REQUIRED WORK
Restate exactly, and only, the lines spanning from the one with "པ་ཅན་རྡོ་རྗེའི། སརྒ་བྱེད་པ་བྱི་ལའི། བཞིན་རྒྱས་འུག་པའི།" to the end of the records below.

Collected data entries
======
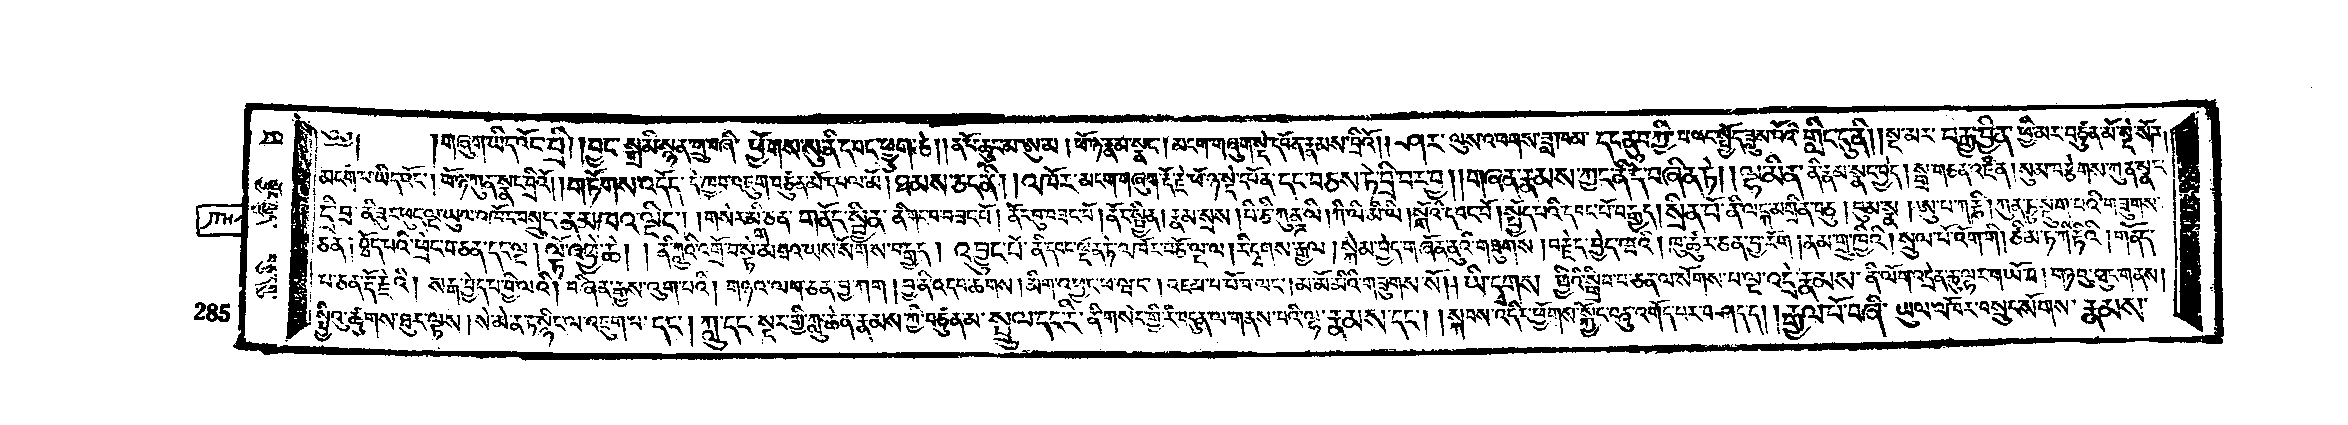༄༅། །གཞུག་ཡིད་འོང་བྲི། །བྱང་སྒྲ་མི་སྙན་གྲུ་བཞི་ཕྱོགས་སུ་ནི་དབང་ཕྱུག་ཆེ། །ན་པོ་ཆུང་མ་ཨུ་མ། ཕོ་ཉ་རྣམ་སྣང་། མངག་གཞུག་སྡེ་དཔོན་རྣམས་བྲིའོ། །ཤར་ལུས་འཕགས་ཟླ་ཁམ་དང་ནུབ་ཀྱི་བ་ལང་སྤྱོད་ཟླུམ་པོའི་གླིང་དུ་ནི། །སྔ་མར་བརྒྱ་བྱིན་ཕྱི་མར་བཙུན་མོ་སྡེ་སོགས།
མངག་པ་ཡིད་འོང་། ཕོ་ཉ་ཀུན་སྣང་བྲིའོ། །གཏོགས་འདོད་དེ་ཁྱབ་འཇུག་བཙུན་མོ་དཔལ་མོ། ཐམས་ཅད་ནི། །འཁོར་མངག་གཞུག་རྡོ་རྗེ་ཕོ་ཉ་སྡེ་དཔོན་དང་བཅས་ཏེ་བྲི་བར་བྱ། །གཞན་རྣམས་ཀྱང་ནི་དེ་བཞིན་ཏེ། །ལྷ་མིན་ནི་རྣམ་སྣང་བྱེད། སྒྲ་གཅན་འཛིན། སུམ་བརྩེགས་ཀུན་སྣང་
དྲི་ཟ་ནི་ཟུར་ཕུད་ལྔ་ཡུལ་འཁོར་བསྲུང་ནམ་མཁའ་ལྡིང་། །གསེར་མིག་ཅན་གནོད་སྦྱིན་ནི་གང་བ་བཟང་པོ། ནོར་བུ་བཟང་པོ། ནོར་སྦྱིན། རྣམ་སྲས། པེ་ཙི་ཀུནྜ་ལི། ཀི་ལི་མི་ལི། སྒོའི་དབང་པོ། སྤྱོད་པའི་དབང་པོ་བརྒྱད། །སྲིན་པོ་ནི་ལངྐ་མགྲིན་བཅུ། བུམ་སྣ། ཨུ་པ་ཀརྞི། ཀུན་ཏུ་སྡུག་པའི་གཟུགས་
ཅན། ཐོད་པའི་ཕྲེང་བ་ཅན་དང་ལྔ། ལྟོ་འཕྱེ་ཆེ། །ནི་ཀླུའི་འགྲོ་བ་སྟེ་མཐའ་ཡས་སོགས་བརྒྱད། འབྱུང་པོ་ནི་དབང་ལྡན་ཏེ་འཁོར་བཅོ་ལྔ་ལ། རི་དྭགས་རྒྱལ། སྐེམ་བྱེད་གཞོན་ནུའི་གཟུགས། བརྗེད་བྱེད་ཝའི། ཁུ་ཚུར་ཅན་བྱ་རོག །ནམ་གྲུ་ཁྱིའི། སྲུལ་པོ་འོག་གི །ཙི་མ་ཏ་ཀི་རྟིའི། གནོད་
པ་ཅན་རྡོ་རྗེའི། སརྒ་བྱེད་པ་བྱི་ལའི། བཞིན་རྒྱས་འུག་པའི། གཉའ་ལག་ཅན་བྱ་ཀག །བྱ་ནི་འདབ་ཆགས། མིག་འཕྱང་ཕ་ཝང་། འཇམ་པ་པོ་བ་ལང་། མ་མོ་མིའི་གཟུགས་སོ། །ཡི་དྭགས་ཕྱིའི་སྒྲིབ་པ་ཅན་ལ་སོགས་པ་ལྔ་འདྲེ་རྣམས་ནི་ལོག་འདྲེན་ཆུ་ལྟར་གཡོ་བ། གཉའུ་ཐུང་གནས།
སྤྱིའུ་ཚུགས་ཐུར་ལྟས། སེ་མེ་ན་ཏ་སྙིང་ལ་འཇུག་པ་དང་། ཀླུ་དང་སྔར་གྱི་ཀླུ་ཆེན་རྣམས་ཀྱི་བཙུན་མོ་སྤྲུལ་དང་རི་ནི་གསེར་གྱི་རི་བདུན་ལ་གནས་པའི་ལྷ་རྣམས་དང་། །སྐབས་འདིར་ཕྱོགས་སྐྱོང་བཅུ་འགོད་པར་བཤད་དོ། །རྒྱལ་པོ་བཞི་ཡུལ་འཁོར་བསྲུང་སོགས་རྣམས་
======
FINISHED TASK
པ་ཅན་རྡོ་རྗེའི། སརྒ་བྱེད་པ་བྱི་ལའི། བཞིན་རྒྱས་འུག་པའི། གཉའ་ལག་ཅན་བྱ་ཀག །བྱ་ནི་འདབ་ཆགས། མིག་འཕྱང་ཕ་ཝང་། འཇམ་པ་པོ་བ་ལང་། མ་མོ་མིའི་གཟུགས་སོ། །ཡི་དྭགས་ཕྱིའི་སྒྲིབ་པ་ཅན་ལ་སོགས་པ་ལྔ་འདྲེ་རྣམས་ནི་ལོག་འདྲེན་ཆུ་ལྟར་གཡོ་བ། གཉའུ་ཐུང་གནས།
སྤྱིའུ་ཚུགས་ཐུར་ལྟས། སེ་མེ་ན་ཏ་སྙིང་ལ་འཇུག་པ་དང་། ཀླུ་དང་སྔར་གྱི་ཀླུ་ཆེན་རྣམས་ཀྱི་བཙུན་མོ་སྤྲུལ་དང་རི་ནི་གསེར་གྱི་རི་བདུན་ལ་གནས་པའི་ལྷ་རྣམས་དང་། །སྐབས་འདིར་ཕྱོགས་སྐྱོང་བཅུ་འགོད་པར་བཤད་དོ། །རྒྱལ་པོ་བཞི་ཡུལ་འཁོར་བསྲུང་སོགས་རྣམས་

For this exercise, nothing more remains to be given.